Cash Money Records must be Ace Hood’s good luck charm so to speak. He seems to have retooled, set his priorities straight, and with the release of Trials & Tribulations, his fourth studio album, concretized his unique personality in the rap world. It’s all about family, hard work, and sending a purposeful message to his fans this time around. Star studded with famous feature artists, supported with top notch productions, and fleshed out with clear, confident vocals from Ace himself, Trials & Tribulations inspires, dazzles, and impacts in a profound way.
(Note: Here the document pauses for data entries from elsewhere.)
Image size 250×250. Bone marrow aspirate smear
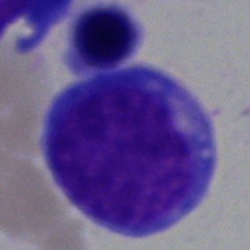 This is a blast cell.
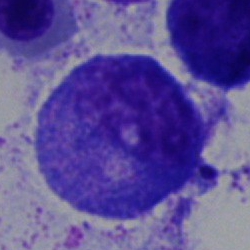
{"cell_type": "promyelocyte", "lineage": "myeloid"}
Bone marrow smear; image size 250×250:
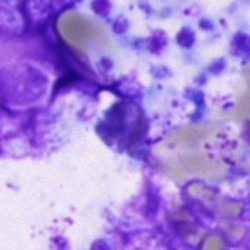

{"cell_type": "artifact"}
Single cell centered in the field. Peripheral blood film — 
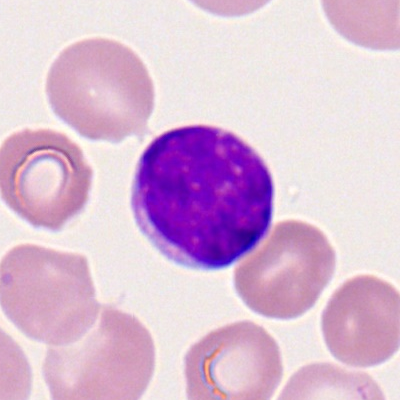 Single cell identified as a lymphocyte.
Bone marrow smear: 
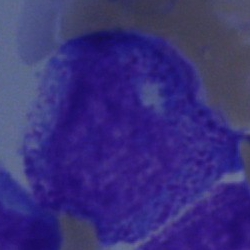
Specimen: bone marrow smear.
Morphological class: promyelocyte.
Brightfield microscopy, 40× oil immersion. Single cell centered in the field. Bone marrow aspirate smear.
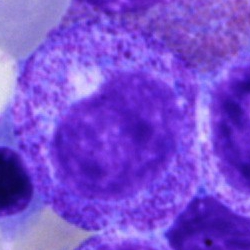 The morphological class is myelocyte.
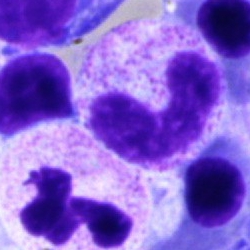
This is a band neutrophil.
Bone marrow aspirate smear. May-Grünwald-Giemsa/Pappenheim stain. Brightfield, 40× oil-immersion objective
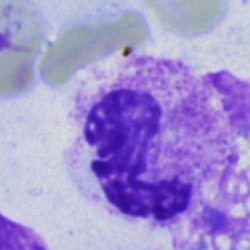
The cell shown is a segmented neutrophil.
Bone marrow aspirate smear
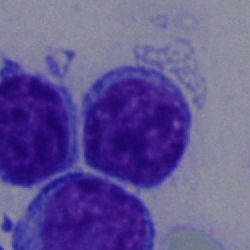

Morphological class = lymphocyte.
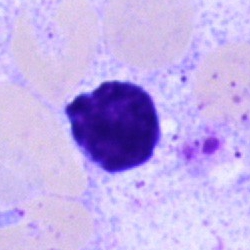
Q: Identify the cell.
A: This is a lymphocyte.
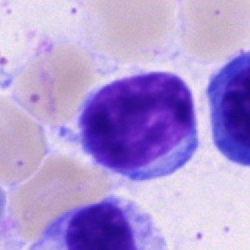

Single-cell crop from a bone marrow smear: typical lymphocyte.
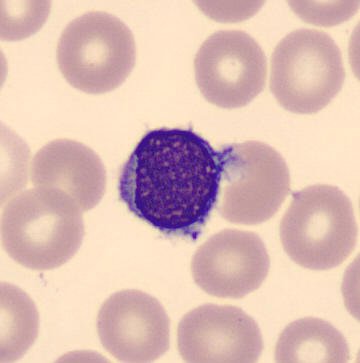

Showing a typical lymphocyte.

Image: Peripheral blood smear.
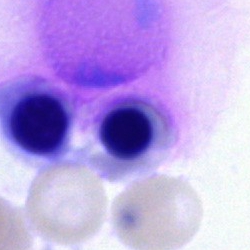
An erythroblast.
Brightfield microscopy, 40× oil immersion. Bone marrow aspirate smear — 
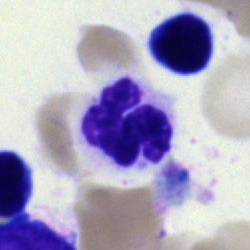 Cell = polymorphonuclear neutrophil.
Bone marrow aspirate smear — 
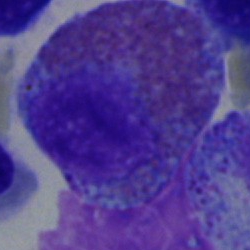

Specimen: bone marrow aspirate smear.
Cell: eosinophil.
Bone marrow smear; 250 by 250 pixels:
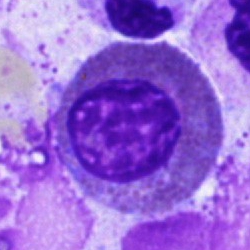 Specimen: bone marrow smear.
Cell type: eosinophil.
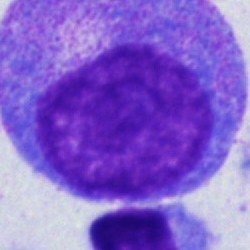Morphology → promyelocyte.
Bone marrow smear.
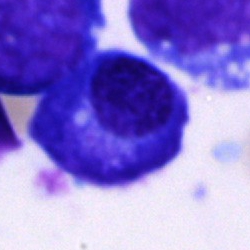 Impression — plasmacyte.
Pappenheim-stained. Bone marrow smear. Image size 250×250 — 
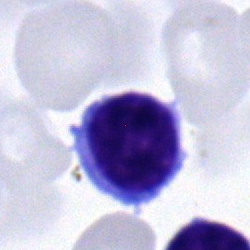
Classification: typical lymphocyte.
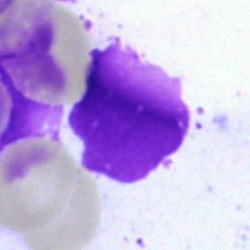

Artefact.
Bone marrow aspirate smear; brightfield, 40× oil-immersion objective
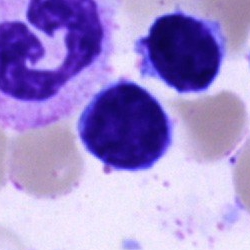Typical lymphocyte.
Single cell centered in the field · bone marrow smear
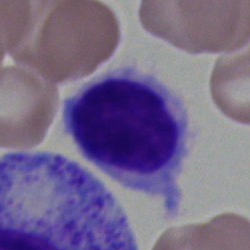
A lymphocyte.
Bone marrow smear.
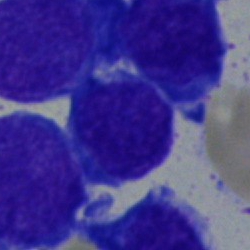 Specimen: bone marrow smear.
Cell type: blast.
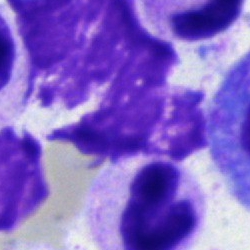Classification: artifact.
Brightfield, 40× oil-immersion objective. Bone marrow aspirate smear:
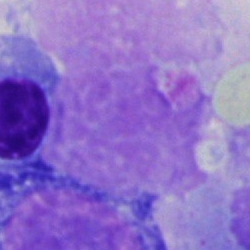Specimen: bone marrow aspirate smear.
Classification: artefact.
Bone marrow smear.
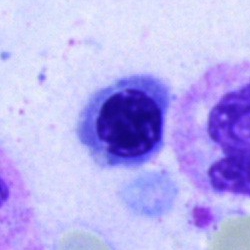

Q: What is shown here?
A: Erythroblast.
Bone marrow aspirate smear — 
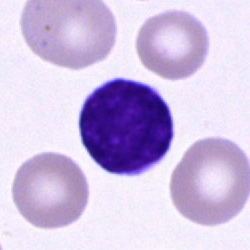 Specimen: bone marrow smear.
Classification: lymphocyte.
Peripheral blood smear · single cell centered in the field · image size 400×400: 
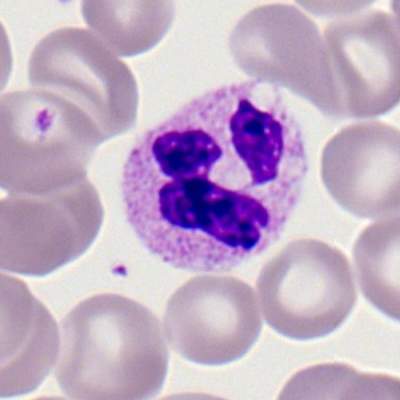

Single cell identified as a neutrophil (segmented).
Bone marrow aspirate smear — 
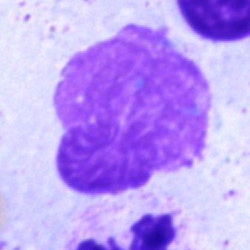 Classification = artifact.
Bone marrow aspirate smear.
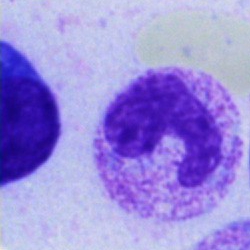
This is a segmented neutrophil.
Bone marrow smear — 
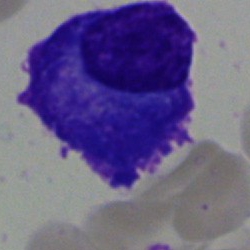Morphology consistent with a plasma cell.
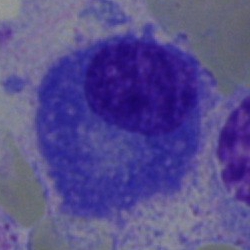A plasma cell.
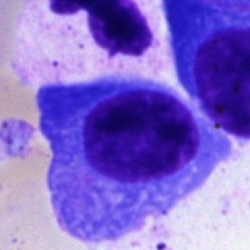 Q: What cell is this?
A: This is a plasmacyte.
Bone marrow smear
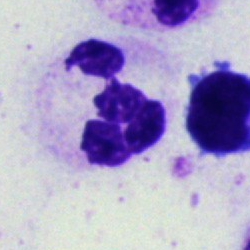

Showing a neutrophil (segmented).
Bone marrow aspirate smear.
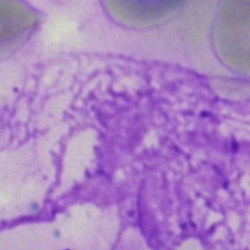 Showing an artifact.
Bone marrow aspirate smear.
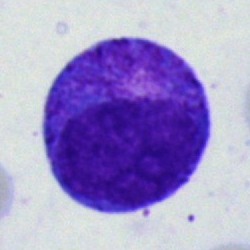
Specimen: bone marrow smear.
Cell type: promyelocyte.
Lineage: myeloid.
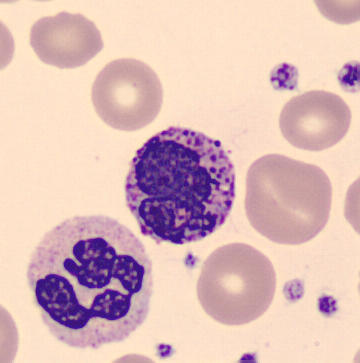
This is a basophil.
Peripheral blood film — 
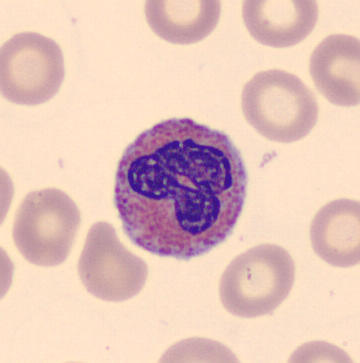The classification is eosinophilic granulocyte.
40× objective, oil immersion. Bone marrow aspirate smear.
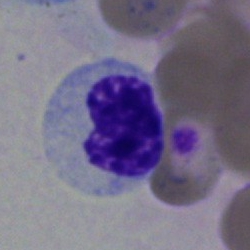

This is a stab cell.
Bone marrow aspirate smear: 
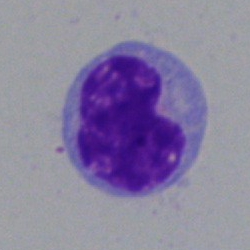
Q: What is the morphological classification of this cell?
A: This is a typical lymphocyte.
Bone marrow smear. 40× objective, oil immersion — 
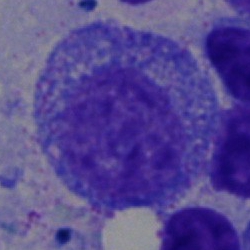 A promyelocyte.
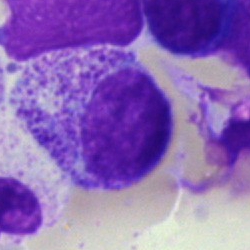 Bone marrow smear showing a myelocyte.
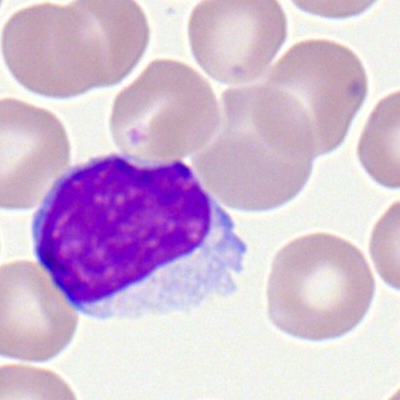 Peripheral blood smear showing a lymphocyte.
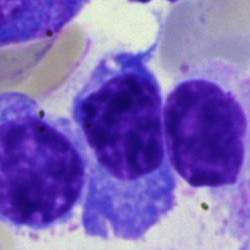 Morphological class: plasmacyte.
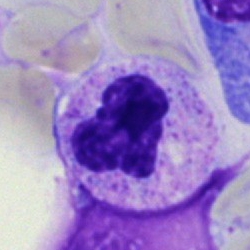Q: What is shown here?
A: It is a neutrophil (segmented).
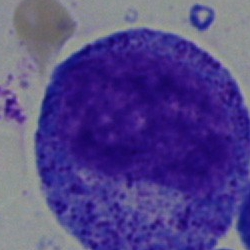

Q: What type of cell is this?
A: This is a promyelocyte.
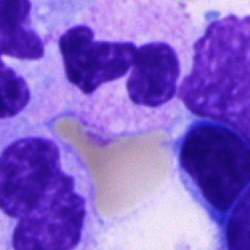
Single cell identified as a segmented neutrophil.
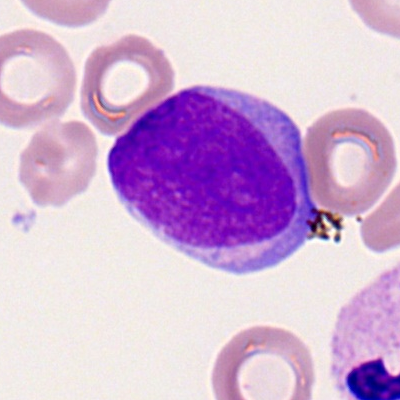
Cell type: myeloid blast.
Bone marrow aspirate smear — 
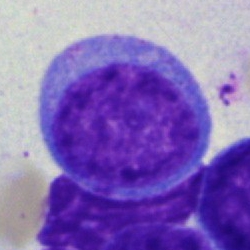

Specimen: bone marrow aspirate smear.
Cell type: undifferentiated blast.
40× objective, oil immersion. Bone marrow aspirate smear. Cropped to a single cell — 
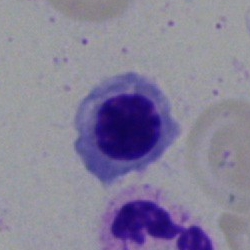

Morphology → normoblast.
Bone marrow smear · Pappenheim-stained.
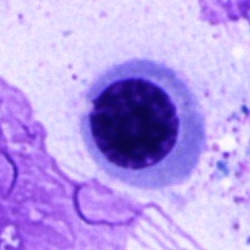Q: What is the morphological classification of this cell?
A: A nucleated red blood cell.
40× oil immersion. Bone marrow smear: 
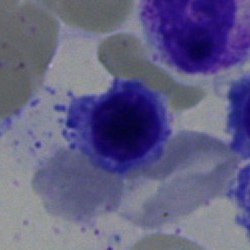Classification — nucleated red blood cell.
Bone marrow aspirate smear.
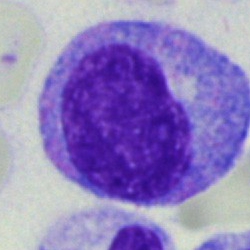Classification = promyelocyte.
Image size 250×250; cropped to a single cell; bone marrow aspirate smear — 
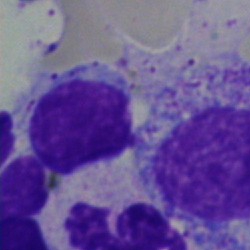 Morphological class = lymphocyte.
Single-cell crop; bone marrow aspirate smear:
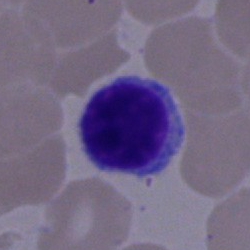Showing a lymphocyte.
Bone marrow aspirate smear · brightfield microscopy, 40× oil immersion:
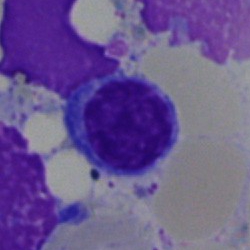The cell shown is a typical lymphocyte.
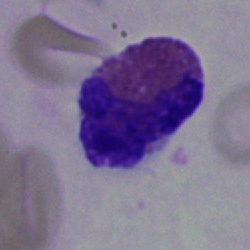Specimen: bone marrow aspirate smear.
Classification: eosinophil.
Lineage: myeloid.
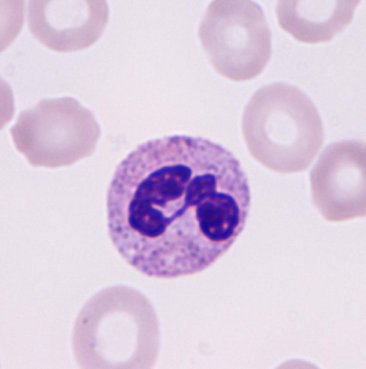Q: What type of cell is this?
A: This is a neutrophilic granulocyte.

Peripheral blood smear.
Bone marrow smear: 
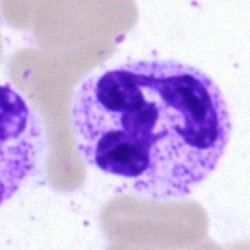

This is a neutrophil (segmented).
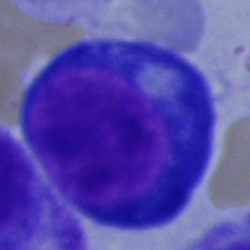
A proerythroblast on a bone marrow smear.
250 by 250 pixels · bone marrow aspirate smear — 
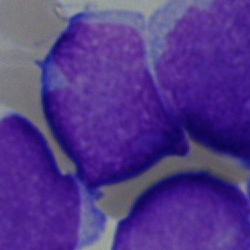 Blast cell.

Where Ace’s previous releases, Gutta, Ruthless, and Blood, Sweat & Tears focus largely on presenting style and creating a thug-life image for the Deerfield Beach, Florida native, Trials & Tribulations keeps the same overtones and adds introspection and a deeper meaning to what came before. He takes inventory of his blessings (“Mama”), gives a run down of struggles from his past (“Trials & Tribulations” and “Before the Rollie”), expresses faith and remorse for his sins (“Pray for Me”), and shows appreciation for what he now has (“My Bible”), all while remaining true to his rugged and raw rap style. From this standpoint Ace Hood solidifies his stance in the politics of his career.
Beats-wise, some of the synths create an intense, looming presence blanketing each song. Occasionally matched with hard hitting base lines and fast, ticking drum rolls, the sounds used here are prominent and powerful. There are some softer moments like the gentle piano and drum taps of “The Come Up” and “Hope,” and “Rider,” with its airy, humming background and muffled drum taps will please Tupac fans as they hear Chris Brown singing, “ambitions of a rider.” The biggest standouts on this album, however, are of the louder, jolting persuasion like the Mike Will Made It produced “Bugatti” and its remix, the posse cut featuring T.I., Wiz Khalifa, French Montana, Birdman, 2 Chainz, Future, DJ Khaled, and Meek Mill.
Guest rappers aside for a moment, Ace Hood’s lyrics are sharply on point in this album. There is also obvious improvement. For example he is able to compete with Weezy’s verse on “We Outchea” rapping, “E’ry day I’m’a go and get it / Pair of J’s in my Florida fitted / Quittin’ out of my vocab and hate is out of my soul and spirit.”
No matter what problems Ace Hood has encountered in his life outside of rap, so far he has had the perfect outlet to get his story out and share it with the world. The Florida wonder who found his origins with DJ Khaled down south is apparently through with his Def Jam years, but it appears as if his Cash Money years are just getting started with much more great music on the way.